7 inches a day ago and it could warm up late in the week again, don't like that at all. Nice to get snow and stay.


----------



## Dag Johnsen (Dec 24, 2018)

*Hopefully*



RC20 said:


> We are having a weird winter but that has been the norm for a couple now.
> 
> 
> So warm I built a Shed for my Ural (Sidecar). Rain, finally snowed and then we got rain again and all gone.
> ...




Hopefully we will get normal winters again. Norway has been blessed with goood Winters the last years:smile2:


----------



## Oneacer (Jan 3, 2011)

@Dag,

I am not really a snow lover, but I am a bit envious of all the snow you are getting, as I have many blowers that I want to play with, but it was almost 60 degrees yesterday …… I guess I have to settle for just starting them up and running them around the yard … LOL


----------



## Dag Johnsen (Dec 24, 2018)

*haha*



oneacer said:


> @Dag,
> 
> I am not really a snow lover, but I am a bit envious of all the snow you are getting, as I have many blowers that I want to play with, but it was almost 60 degrees yesterday …… I guess I have to settle for just starting them up and running them around the yard … LOL



Hehe, that is a great idea  In two days Im going to my cabin. A ton of snow are waiting on the terrace for my Yamaha. Will not sell it. Pictures will be posted, hope you will get some snow soon! 


Dag


----------



## RC20 (Dec 4, 2019)

> I am not really a snow lover, but I am a bit envious of all the snow you are getting, as I have many blowers that I want to play with, but it was almost 60 degrees yesterday …… I guess I have to settle for just starting them up and running them around the yard … LOL



Up here, its dark and ugly unless we have snow and I like blowing snow. So the more the better though the one winter we had 130 inches and I got hard put to find a place to pile it!


----------



## notabiker (Dec 14, 2018)

RC20 said:


> Up here, its dark and ugly unless we have snow and I like blowing snow. So the more the better though the one winter we had 130 inches and I got hard put to find a place to pile it![/QUOTE
> 
> 
> What I used to do when I lived up in Anchorage is push the snow as far as I could towards the EOD with a shovel and then blow it on the sidewalk area in front of our house. No one in our area messed with clearing the sidewalks and after a few storms the city guys would come through and pull the snow from the sidewalks/curbs and haul it away so my "snow dump" was empty again. Rinse and repeat!


----------



## RC20 (Dec 4, 2019)

We have no sidewalks so that is a non issue for us.
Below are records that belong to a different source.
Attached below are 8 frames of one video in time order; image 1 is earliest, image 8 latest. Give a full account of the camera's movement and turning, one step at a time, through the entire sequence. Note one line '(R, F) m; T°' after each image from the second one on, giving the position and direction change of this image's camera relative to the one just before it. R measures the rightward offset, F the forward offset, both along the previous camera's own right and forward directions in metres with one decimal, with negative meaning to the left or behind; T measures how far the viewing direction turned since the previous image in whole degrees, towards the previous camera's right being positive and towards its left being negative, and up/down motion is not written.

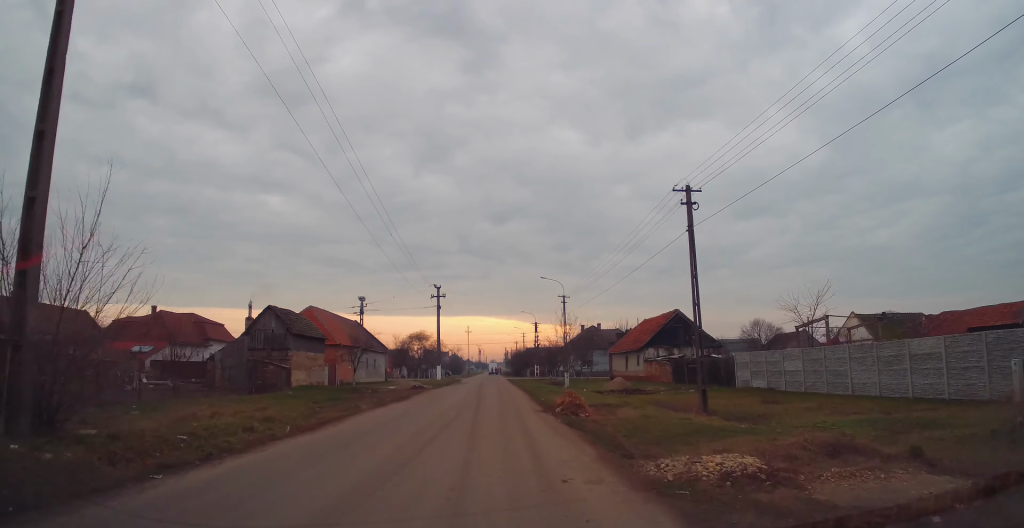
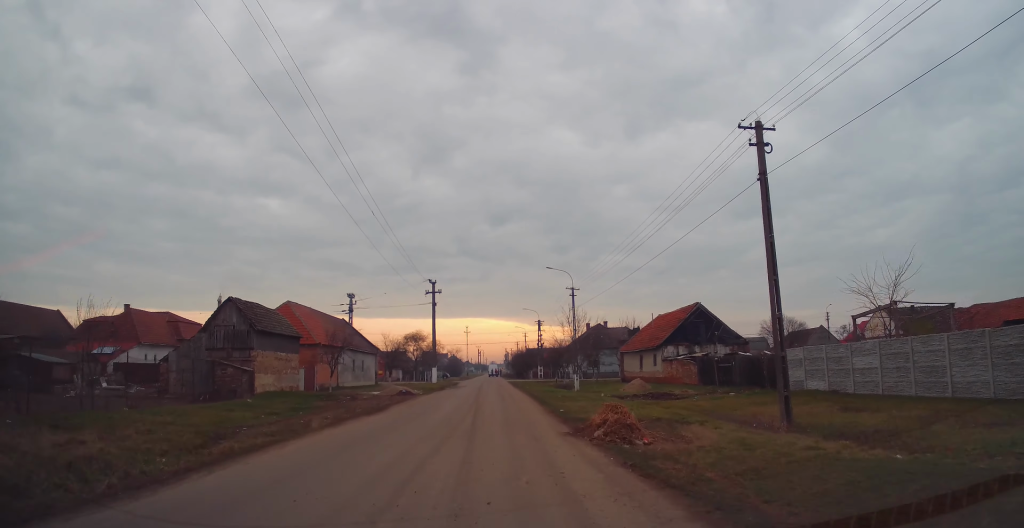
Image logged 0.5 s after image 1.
(-0.2, +6.4) m; +1°
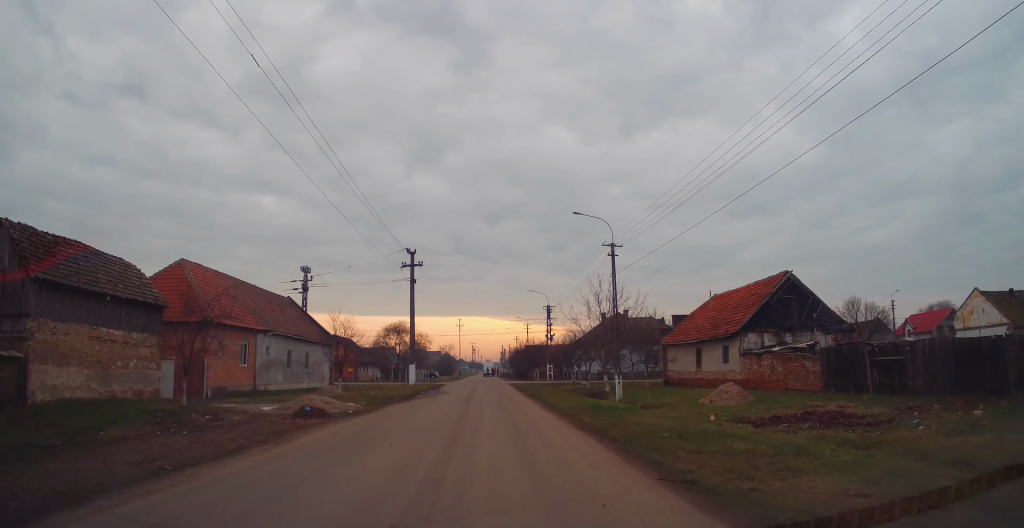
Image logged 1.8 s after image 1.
(+0.6, +18.0) m; +1°
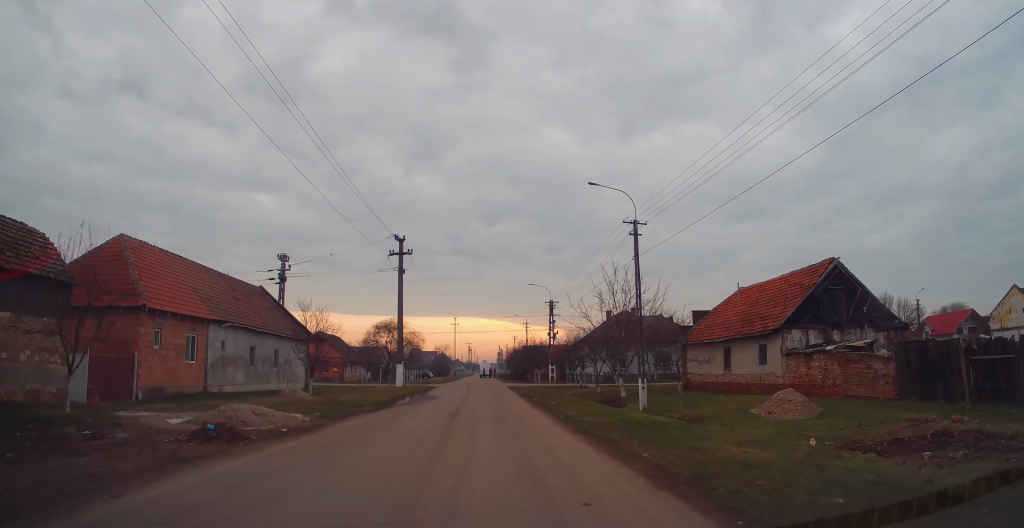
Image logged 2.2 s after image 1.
(-0.1, +6.0) m; -1°
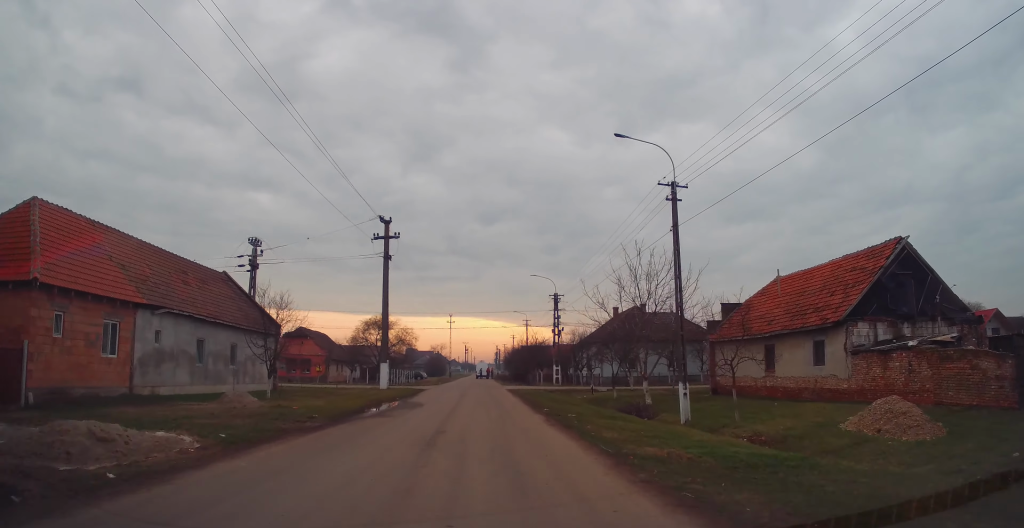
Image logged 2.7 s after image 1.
(0.0, +6.4) m; -1°
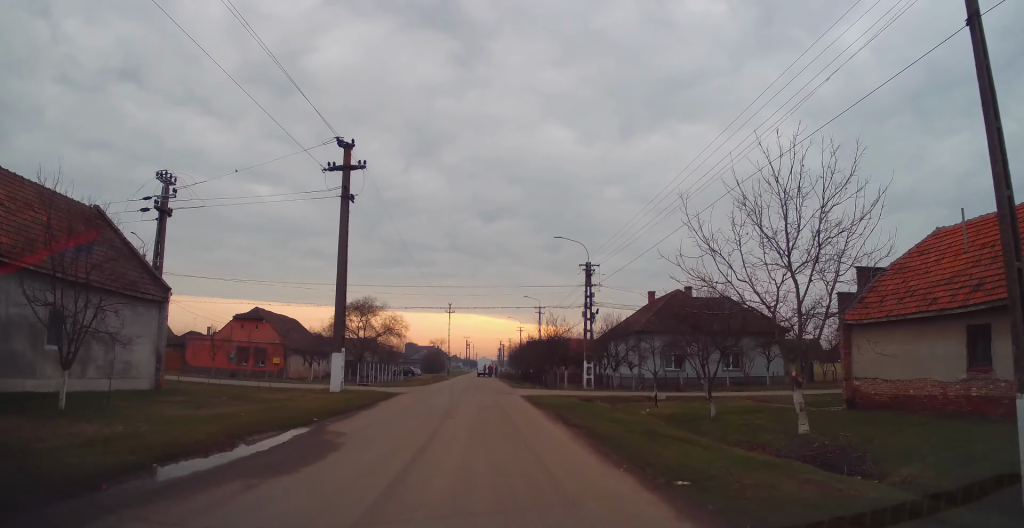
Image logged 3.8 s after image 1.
(-0.1, +15.1) m; -1°
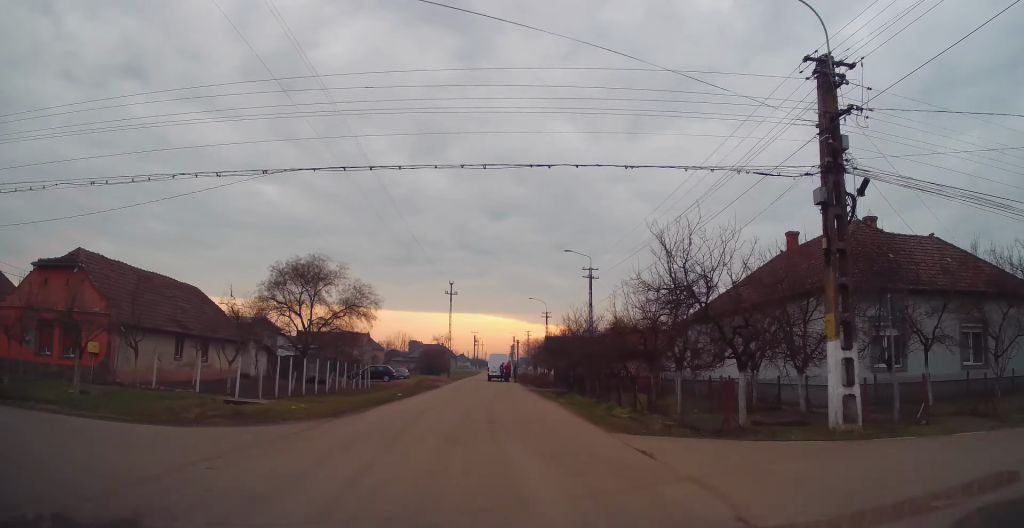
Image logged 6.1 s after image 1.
(0.0, +28.7) m; 0°
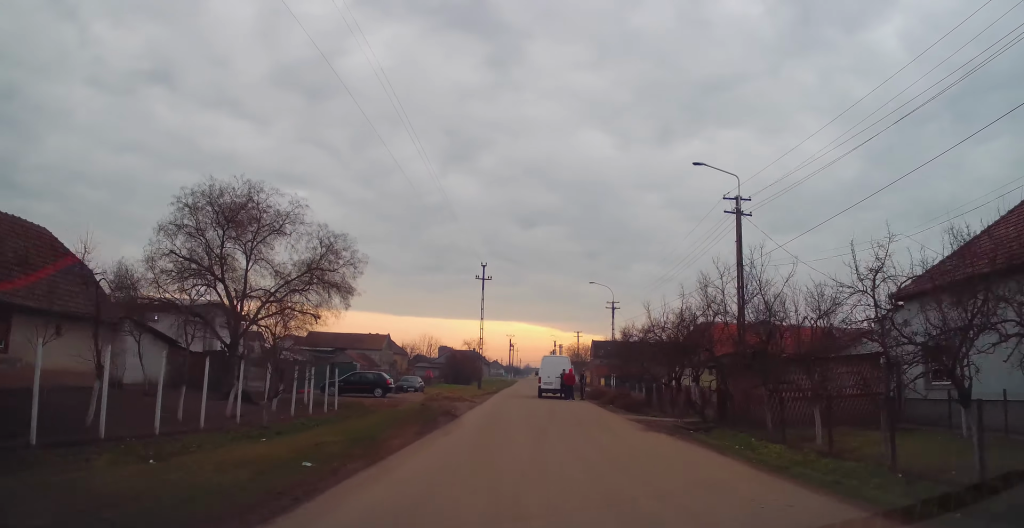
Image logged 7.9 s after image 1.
(-0.5, +20.9) m; -3°

We do have 15 feet of city property in the front lawn. The know that and use it which is fine with me even if it overflows onto the main lawn. Helps everyone out and I can clean up a bit of gravel. 



Otherwise I pretty much have unlimited places to put sow include neighbors yards (nothing there where the properly lines are and my U shape driveway goes from property line to property line pretty much)_ 



That said I did not pack my snow the way I would have if I had known the 130 inches were coming! Got myself in a jam in a few places. 



The Tri Plex I managed had no place to put snow so we had to blow to the end of the dead end street (about 120 feet). City got mad at us but the owner would not pay to have hauled off.


----------



## penna stogey (Nov 25, 2019)

Excellent snow, SnowNado....Nothing here but cold beer!!!


----------



## RC20 (Dec 4, 2019)

We have hit into a snow cycle. Nothing dramatic, 7 inches of f amazingly dry movie like stuff yesterday.


More coming down today. Another 5 inches maybe. Temps are lower and going lower so it will stick. Nice, if we are going to have winter we should have winter.


----------